PROBLEM DETAILS: Beginning at the line that mentions "Modality: T2w", retype the rest of the records below exactly. Pictures are not part of the copy.

___ SUPPLIED DATA ___

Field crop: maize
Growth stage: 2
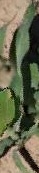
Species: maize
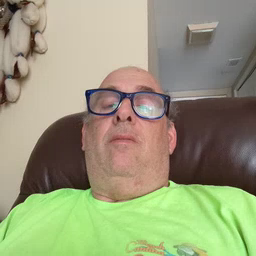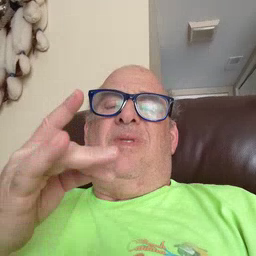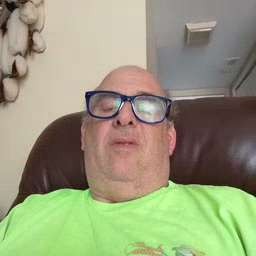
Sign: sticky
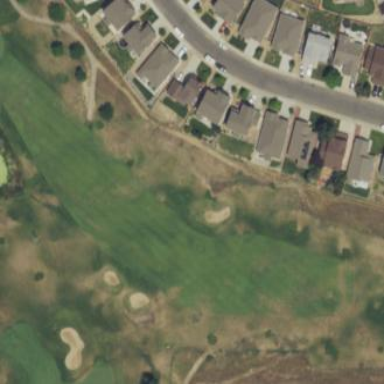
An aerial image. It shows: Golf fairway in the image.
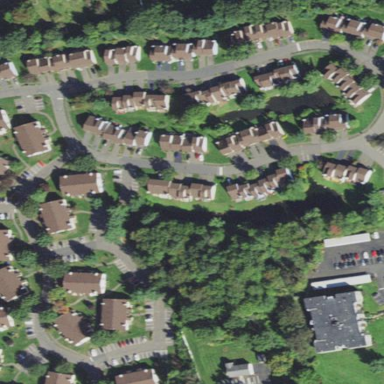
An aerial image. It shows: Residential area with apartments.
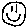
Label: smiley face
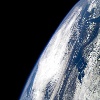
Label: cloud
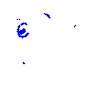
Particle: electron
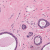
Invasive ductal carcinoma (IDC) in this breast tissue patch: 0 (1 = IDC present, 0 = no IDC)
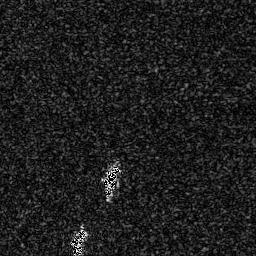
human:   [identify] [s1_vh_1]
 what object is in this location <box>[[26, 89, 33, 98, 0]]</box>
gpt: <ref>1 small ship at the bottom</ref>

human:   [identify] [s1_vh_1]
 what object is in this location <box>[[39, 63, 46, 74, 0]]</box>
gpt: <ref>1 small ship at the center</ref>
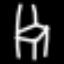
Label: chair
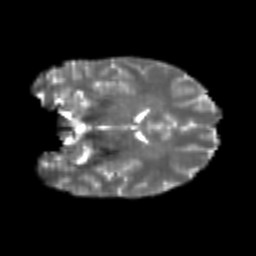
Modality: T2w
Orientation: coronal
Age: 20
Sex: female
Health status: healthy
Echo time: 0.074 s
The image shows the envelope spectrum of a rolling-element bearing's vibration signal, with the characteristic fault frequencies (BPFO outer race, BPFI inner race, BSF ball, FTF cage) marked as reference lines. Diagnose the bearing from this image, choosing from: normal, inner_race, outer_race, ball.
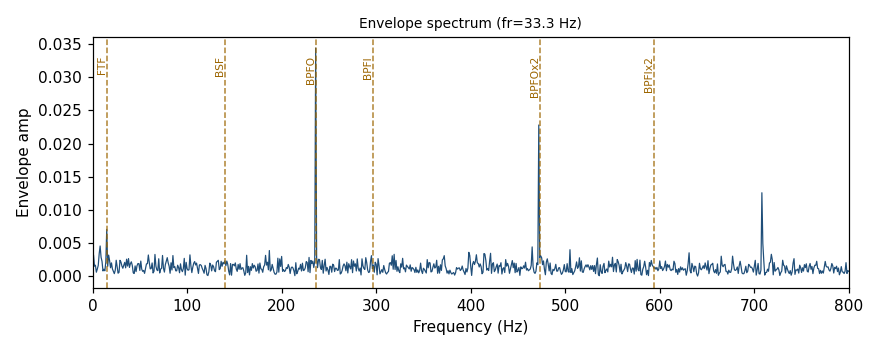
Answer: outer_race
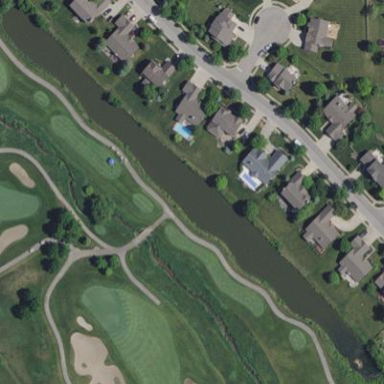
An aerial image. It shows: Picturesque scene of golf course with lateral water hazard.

___

SOLUTION FOR THIS TASK:
Modality: T2w
Orientation: coronal
Age: 20
Sex: female
Health status: healthy
Echo time: 0.074 s
The image shows the envelope spectrum of a rolling-element bearing's vibration signal, with the characteristic fault frequencies (BPFO outer race, BPFI inner race, BSF ball, FTF cage) marked as reference lines. Diagnose the bearing from this image, choosing from: normal, inner_race, outer_race, ball.
Answer: outer_race
An aerial image. It shows: Picturesque scene of golf course with lateral water hazard.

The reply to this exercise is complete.